In [1]:
import numpy as np
import matplotlib.pyplot as plt
import torch
import torch.optim as optim
from torch.utils.data import DataLoader, TensorDataset, random_split
import torch.nn as nn
import torch.nn.functional as F
import itertools

  from .autonotebook import tqdm as notebook_tqdm


In [None]:
# Import simulation data
u_array = np.load('unp_concat_100.npy')
m_array = np.load('mnp_concat_100.npy')

# Import reduced-order subspaces
AS = np.load('AS_fs_wom.npy')
PCA = np.load('PCA_U_f_100_allstep.npy')

# Import finite element mass matrix
M = np.load('M.npy')

# Import Bayesian prior information
prior_m_precision = np.load('prior_prec.npy')
prior_m_covariance = np.load('prior.npy')
prior_mean = np.load('prior_mean.npy')

# Import reference solution data
obs_mean = np.load('obs_mean.npy')

# Prepare parameter data
m_array = torch.tensor(m_array)
m_array_ = m_array - prior_mean  

# Reduce parameter dimension using active subspace
m_red = m_array_ @ (prior_m_precision @ AS)
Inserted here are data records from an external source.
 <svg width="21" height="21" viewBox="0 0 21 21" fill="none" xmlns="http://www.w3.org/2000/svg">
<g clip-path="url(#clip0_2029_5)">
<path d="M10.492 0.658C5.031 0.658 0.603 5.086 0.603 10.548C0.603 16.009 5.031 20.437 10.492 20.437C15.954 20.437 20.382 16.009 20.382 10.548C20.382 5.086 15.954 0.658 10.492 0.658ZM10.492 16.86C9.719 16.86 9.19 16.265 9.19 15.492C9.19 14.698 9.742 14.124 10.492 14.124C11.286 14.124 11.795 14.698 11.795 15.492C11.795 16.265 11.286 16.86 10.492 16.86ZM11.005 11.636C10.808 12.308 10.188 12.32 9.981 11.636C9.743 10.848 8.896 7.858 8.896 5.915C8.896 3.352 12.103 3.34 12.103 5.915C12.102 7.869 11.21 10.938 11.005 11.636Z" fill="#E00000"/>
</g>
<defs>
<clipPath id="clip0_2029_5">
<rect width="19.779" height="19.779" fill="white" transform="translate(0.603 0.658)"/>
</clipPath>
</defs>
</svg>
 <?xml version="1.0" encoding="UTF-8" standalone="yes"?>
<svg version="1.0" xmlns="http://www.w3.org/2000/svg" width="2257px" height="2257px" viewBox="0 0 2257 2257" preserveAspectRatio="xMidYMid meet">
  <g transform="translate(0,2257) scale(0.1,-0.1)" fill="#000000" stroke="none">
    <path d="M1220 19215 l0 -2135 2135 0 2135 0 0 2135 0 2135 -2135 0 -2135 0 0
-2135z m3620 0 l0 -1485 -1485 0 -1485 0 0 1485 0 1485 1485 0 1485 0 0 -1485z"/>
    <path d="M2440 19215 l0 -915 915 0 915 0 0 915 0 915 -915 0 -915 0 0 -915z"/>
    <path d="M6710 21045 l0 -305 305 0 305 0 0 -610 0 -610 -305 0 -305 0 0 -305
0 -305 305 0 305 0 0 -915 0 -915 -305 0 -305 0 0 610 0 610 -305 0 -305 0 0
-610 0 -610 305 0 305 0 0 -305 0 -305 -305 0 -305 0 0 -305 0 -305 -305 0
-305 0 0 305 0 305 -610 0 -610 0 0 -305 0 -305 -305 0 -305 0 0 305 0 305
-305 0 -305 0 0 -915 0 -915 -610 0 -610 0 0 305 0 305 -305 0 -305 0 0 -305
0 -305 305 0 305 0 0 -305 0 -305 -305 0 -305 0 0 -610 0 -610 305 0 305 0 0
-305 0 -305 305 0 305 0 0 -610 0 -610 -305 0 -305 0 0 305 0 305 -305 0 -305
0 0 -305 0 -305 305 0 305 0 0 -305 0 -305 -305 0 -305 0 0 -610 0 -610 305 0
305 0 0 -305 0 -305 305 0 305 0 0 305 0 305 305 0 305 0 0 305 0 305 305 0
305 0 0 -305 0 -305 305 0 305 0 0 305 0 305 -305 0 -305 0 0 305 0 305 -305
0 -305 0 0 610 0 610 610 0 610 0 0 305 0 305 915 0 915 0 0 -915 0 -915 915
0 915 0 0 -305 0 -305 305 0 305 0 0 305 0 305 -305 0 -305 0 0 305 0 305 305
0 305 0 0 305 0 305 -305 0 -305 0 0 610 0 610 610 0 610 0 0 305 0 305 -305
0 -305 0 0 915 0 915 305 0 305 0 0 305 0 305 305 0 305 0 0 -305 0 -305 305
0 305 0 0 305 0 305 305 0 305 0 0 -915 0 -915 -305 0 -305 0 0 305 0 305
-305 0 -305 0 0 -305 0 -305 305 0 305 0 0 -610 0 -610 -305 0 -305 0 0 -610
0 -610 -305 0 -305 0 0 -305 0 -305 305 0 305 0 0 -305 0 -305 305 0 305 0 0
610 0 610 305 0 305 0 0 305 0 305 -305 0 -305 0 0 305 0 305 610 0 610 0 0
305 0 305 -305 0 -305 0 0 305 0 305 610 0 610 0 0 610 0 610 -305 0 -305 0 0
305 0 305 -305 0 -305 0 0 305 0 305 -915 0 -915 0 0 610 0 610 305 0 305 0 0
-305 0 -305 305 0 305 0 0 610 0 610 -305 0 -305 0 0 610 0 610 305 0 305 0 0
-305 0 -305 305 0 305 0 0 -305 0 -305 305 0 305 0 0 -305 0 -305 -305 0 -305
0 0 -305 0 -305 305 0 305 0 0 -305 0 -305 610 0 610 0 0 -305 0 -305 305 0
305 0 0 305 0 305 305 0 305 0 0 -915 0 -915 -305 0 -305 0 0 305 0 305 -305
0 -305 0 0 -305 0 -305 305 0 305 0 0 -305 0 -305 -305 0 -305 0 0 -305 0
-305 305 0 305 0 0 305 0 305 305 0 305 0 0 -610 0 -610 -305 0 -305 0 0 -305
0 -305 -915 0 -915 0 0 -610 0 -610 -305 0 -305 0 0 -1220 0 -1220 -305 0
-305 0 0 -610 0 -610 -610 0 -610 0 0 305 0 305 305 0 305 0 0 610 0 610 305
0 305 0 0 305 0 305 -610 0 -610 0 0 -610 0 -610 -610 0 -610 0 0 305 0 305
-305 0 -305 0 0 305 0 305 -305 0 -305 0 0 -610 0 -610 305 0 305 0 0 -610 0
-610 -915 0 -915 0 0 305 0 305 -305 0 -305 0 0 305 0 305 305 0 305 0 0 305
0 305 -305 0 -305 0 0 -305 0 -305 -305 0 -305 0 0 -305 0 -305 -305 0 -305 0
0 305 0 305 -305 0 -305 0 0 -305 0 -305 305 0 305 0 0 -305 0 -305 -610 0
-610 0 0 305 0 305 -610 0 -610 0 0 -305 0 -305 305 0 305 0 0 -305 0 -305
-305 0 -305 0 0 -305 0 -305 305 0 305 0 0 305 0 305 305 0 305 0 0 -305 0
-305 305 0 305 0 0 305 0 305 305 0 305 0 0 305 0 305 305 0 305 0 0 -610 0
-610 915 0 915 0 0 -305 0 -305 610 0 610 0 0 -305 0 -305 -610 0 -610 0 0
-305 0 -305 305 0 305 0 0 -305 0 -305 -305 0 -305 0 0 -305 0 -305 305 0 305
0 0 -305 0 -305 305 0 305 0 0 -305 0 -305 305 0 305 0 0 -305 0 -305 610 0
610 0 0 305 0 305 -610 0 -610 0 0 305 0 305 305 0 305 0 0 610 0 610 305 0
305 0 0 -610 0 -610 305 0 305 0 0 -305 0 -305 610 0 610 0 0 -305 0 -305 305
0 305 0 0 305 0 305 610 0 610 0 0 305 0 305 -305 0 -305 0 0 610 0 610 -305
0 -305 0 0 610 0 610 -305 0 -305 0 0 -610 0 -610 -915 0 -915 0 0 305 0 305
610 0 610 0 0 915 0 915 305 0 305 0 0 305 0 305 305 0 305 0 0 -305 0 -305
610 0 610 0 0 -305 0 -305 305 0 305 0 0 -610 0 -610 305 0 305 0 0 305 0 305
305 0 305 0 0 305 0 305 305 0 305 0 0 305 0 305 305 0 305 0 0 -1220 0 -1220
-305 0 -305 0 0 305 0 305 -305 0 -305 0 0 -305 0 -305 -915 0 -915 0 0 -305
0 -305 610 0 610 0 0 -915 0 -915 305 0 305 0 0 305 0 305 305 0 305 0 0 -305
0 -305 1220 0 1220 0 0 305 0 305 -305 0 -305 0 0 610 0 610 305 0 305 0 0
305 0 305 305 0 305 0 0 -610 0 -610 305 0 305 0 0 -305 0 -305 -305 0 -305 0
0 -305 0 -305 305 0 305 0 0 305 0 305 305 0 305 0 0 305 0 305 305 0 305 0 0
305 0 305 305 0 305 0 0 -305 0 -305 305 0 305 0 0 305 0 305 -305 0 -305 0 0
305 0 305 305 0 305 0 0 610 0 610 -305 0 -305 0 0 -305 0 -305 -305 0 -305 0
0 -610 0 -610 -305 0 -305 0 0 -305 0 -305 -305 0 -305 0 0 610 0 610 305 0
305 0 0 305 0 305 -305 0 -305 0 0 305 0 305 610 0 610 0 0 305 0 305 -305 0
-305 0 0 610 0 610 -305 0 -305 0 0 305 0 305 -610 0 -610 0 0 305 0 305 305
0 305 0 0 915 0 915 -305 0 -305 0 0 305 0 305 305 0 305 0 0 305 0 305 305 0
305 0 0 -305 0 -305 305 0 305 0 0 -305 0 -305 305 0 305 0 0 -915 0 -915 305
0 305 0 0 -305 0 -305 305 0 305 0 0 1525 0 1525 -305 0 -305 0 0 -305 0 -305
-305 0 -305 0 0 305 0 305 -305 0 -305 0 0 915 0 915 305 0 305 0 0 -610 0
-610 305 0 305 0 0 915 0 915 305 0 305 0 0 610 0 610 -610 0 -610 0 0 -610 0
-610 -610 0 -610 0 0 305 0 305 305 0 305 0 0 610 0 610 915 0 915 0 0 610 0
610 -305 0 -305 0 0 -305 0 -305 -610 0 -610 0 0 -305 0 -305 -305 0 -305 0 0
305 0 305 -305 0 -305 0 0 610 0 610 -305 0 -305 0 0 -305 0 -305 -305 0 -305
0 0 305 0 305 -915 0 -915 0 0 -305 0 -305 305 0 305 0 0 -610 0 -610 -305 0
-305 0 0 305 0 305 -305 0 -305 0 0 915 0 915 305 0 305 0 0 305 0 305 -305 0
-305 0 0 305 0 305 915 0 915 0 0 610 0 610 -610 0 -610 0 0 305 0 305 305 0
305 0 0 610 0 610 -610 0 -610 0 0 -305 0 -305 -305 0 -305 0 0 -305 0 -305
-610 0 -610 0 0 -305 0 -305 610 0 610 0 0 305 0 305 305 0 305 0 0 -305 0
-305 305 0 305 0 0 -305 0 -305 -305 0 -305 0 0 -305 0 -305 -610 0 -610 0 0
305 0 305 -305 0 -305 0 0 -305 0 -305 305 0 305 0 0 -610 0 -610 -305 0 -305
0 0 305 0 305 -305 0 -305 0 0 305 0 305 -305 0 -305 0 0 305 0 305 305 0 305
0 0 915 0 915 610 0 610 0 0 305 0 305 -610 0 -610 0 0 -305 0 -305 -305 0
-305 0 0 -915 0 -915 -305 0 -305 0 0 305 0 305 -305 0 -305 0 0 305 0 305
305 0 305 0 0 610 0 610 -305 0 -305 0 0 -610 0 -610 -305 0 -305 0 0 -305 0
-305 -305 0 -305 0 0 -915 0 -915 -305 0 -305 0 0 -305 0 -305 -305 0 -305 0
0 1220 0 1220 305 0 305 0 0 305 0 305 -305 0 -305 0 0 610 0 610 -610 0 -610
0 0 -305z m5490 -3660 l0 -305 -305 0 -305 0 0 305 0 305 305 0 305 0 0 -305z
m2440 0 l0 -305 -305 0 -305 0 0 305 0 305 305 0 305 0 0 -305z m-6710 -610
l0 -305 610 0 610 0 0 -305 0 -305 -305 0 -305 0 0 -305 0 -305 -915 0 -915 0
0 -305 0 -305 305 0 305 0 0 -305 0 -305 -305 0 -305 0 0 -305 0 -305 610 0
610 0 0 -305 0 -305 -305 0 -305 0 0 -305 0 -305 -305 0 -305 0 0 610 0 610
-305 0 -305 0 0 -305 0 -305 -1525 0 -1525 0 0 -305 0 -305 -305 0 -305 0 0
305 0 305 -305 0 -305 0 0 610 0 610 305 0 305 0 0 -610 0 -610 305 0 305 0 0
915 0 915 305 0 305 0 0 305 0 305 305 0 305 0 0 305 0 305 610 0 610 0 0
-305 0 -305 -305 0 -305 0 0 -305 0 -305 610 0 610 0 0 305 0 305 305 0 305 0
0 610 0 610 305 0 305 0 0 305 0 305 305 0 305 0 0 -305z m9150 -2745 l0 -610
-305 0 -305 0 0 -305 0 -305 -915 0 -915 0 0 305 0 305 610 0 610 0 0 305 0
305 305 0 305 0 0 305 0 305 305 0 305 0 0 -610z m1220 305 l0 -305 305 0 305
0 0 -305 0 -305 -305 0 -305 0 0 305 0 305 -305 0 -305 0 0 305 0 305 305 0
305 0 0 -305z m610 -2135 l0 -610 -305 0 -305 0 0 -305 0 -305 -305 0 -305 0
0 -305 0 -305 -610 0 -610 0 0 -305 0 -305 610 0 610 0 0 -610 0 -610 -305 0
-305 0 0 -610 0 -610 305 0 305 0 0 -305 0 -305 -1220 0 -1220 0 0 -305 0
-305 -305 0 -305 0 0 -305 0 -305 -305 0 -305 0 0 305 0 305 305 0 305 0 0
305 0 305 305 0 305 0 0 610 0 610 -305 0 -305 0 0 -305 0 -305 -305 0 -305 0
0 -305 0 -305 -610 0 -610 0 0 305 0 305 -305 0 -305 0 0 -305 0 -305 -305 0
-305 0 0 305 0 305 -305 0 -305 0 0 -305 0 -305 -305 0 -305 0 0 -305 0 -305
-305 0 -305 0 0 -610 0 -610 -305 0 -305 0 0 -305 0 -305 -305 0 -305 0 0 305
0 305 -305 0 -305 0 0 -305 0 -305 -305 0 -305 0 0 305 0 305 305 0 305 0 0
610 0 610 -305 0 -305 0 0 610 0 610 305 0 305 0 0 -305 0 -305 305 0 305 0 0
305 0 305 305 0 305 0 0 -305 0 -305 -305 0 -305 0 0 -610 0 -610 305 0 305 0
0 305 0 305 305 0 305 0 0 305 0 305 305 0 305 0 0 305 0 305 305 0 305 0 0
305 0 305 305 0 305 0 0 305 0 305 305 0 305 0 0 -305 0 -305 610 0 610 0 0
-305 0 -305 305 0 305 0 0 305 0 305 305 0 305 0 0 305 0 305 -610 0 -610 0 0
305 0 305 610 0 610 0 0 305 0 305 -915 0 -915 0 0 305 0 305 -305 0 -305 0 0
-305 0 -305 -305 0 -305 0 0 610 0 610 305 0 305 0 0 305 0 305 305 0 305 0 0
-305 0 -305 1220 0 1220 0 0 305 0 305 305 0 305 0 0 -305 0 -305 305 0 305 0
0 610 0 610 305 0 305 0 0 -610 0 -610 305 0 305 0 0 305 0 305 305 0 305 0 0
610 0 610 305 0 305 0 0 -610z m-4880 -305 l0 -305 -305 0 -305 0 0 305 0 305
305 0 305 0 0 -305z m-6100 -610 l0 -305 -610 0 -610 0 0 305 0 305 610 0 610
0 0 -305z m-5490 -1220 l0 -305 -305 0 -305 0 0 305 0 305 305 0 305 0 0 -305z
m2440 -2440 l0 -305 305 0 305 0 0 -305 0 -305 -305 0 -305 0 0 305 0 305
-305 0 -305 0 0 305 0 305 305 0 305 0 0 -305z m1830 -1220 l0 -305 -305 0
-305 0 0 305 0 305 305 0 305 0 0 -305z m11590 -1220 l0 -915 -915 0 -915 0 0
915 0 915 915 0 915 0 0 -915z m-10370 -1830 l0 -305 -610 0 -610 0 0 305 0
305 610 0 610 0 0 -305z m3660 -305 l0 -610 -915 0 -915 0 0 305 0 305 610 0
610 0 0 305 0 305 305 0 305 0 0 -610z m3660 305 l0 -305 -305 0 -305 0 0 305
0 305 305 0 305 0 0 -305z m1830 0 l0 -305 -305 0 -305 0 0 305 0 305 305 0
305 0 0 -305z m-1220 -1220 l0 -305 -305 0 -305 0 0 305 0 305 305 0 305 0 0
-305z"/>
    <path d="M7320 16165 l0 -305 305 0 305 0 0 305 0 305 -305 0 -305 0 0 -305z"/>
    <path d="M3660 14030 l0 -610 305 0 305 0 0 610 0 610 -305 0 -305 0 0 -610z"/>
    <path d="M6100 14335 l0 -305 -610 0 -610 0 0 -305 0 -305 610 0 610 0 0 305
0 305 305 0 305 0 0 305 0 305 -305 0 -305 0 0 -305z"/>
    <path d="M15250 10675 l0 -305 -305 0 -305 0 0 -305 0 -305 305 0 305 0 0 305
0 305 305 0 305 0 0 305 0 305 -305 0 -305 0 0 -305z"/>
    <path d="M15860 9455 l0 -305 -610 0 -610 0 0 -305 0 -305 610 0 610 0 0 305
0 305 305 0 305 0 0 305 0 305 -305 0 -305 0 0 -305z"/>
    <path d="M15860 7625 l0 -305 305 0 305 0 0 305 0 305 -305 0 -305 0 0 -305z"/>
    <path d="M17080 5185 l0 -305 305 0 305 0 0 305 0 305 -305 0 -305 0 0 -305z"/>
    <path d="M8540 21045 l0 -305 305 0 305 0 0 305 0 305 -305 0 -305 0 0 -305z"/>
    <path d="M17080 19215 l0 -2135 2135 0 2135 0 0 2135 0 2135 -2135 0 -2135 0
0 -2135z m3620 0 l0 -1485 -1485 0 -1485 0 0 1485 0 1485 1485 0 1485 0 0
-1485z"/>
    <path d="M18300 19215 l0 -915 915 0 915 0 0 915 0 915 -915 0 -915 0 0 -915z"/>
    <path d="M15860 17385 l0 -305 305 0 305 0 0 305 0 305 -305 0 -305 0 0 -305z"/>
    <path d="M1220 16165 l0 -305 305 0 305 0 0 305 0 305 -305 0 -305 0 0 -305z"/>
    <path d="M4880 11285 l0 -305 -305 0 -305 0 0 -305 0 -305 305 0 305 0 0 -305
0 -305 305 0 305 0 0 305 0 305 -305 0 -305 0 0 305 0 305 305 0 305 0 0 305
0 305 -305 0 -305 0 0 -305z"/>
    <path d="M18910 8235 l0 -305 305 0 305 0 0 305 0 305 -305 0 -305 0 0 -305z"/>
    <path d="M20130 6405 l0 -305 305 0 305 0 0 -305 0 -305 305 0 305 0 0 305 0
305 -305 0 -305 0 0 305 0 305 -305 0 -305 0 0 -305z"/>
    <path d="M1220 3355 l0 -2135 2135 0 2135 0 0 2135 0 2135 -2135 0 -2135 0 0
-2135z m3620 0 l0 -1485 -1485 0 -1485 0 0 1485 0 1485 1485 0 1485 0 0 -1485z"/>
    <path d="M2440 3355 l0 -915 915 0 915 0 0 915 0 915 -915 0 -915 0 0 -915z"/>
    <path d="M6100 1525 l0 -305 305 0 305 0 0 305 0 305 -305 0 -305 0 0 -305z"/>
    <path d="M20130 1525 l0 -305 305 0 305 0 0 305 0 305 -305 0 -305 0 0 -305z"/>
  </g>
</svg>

# Prepare observation data
u_array_ = u_array - obs_mean 

# Truncate PCA basis to 129 dimensions
PCA = PCA[:,:129]

# Set number of time steps for training
num_steps = 100

# Create training datasets
train_m = torch.tensor(m_red.numpy()[:-100], dtype=torch.float32)  
train_s = torch.tensor(u_array_[:-100,0,:]@PCA, dtype=torch.float32)  
output_s = torch.tensor(u_array_[:-100,1:1+num_steps,:]@PCA, dtype=torch.float32) 

# Normalize parameter data
train_m_100 = train_m

mean = torch.mean(train_m_100,dim=0)  
std = torch.std(train_m_100,dim=0)    

sdata_m = (train_m_100 - mean)/std   

# Normalize observation data
mean_o = output_s.mean(dim = (0,1))   
# std_o = output_s.std(dim=(0,1))     

# Set observation std to 1 for normalization
std_o = torch.ones_like(std_o)

sdata_y = (train_s - mean_o)/(std_o)      
sdata_y_t = (output_s - mean_o)/(std_o)  

# Limit dataset size to 1280 samples
sdata_m_ = sdata_m[:1024+256]
sdata_y_ = sdata_y[:1024+256]
sdata_y_t_ = sdata_y_t[:1024+256]

In [49]:
# Load the model

def load_checkpoint_and_inspect(checkpoint_path, model):
    checkpoint = torch.load(checkpoint_path)
    model.load_state_dict(checkpoint['model_state_dict'])
    epoch = checkpoint['epoch']
    best_val_loss = checkpoint['best_val_loss']
    num_steps = checkpoint['num_steps']
    patience_counter = checkpoint['patience_counter']
    
    if 'optimizer_state_dict' in checkpoint:
        print("Optimizer state in checkpoint:")
        print(checkpoint['optimizer_state_dict'].keys())
        for param_group in checkpoint['optimizer_state_dict']['param_groups']:
            print(f"Learning rate: {param_group['lr']}")
            print(f"Parameters: {len(param_group['params'])}")
    else:
        print("No optimizer state found in checkpoint")
    
    return model, epoch, best_val_loss, num_steps, patience_counter


In [50]:
# Load pre-trained model and checkpoint data
checkpoint_path = 'checkpoints/best_model_checkpoint_good_jac.pth'
model = StatePredictor(129, 100, 128, num_steps=num_steps)
model, start_epoch, best_val_loss, num_steps, patience_counter = load_checkpoint_and_inspect(checkpoint_path, model)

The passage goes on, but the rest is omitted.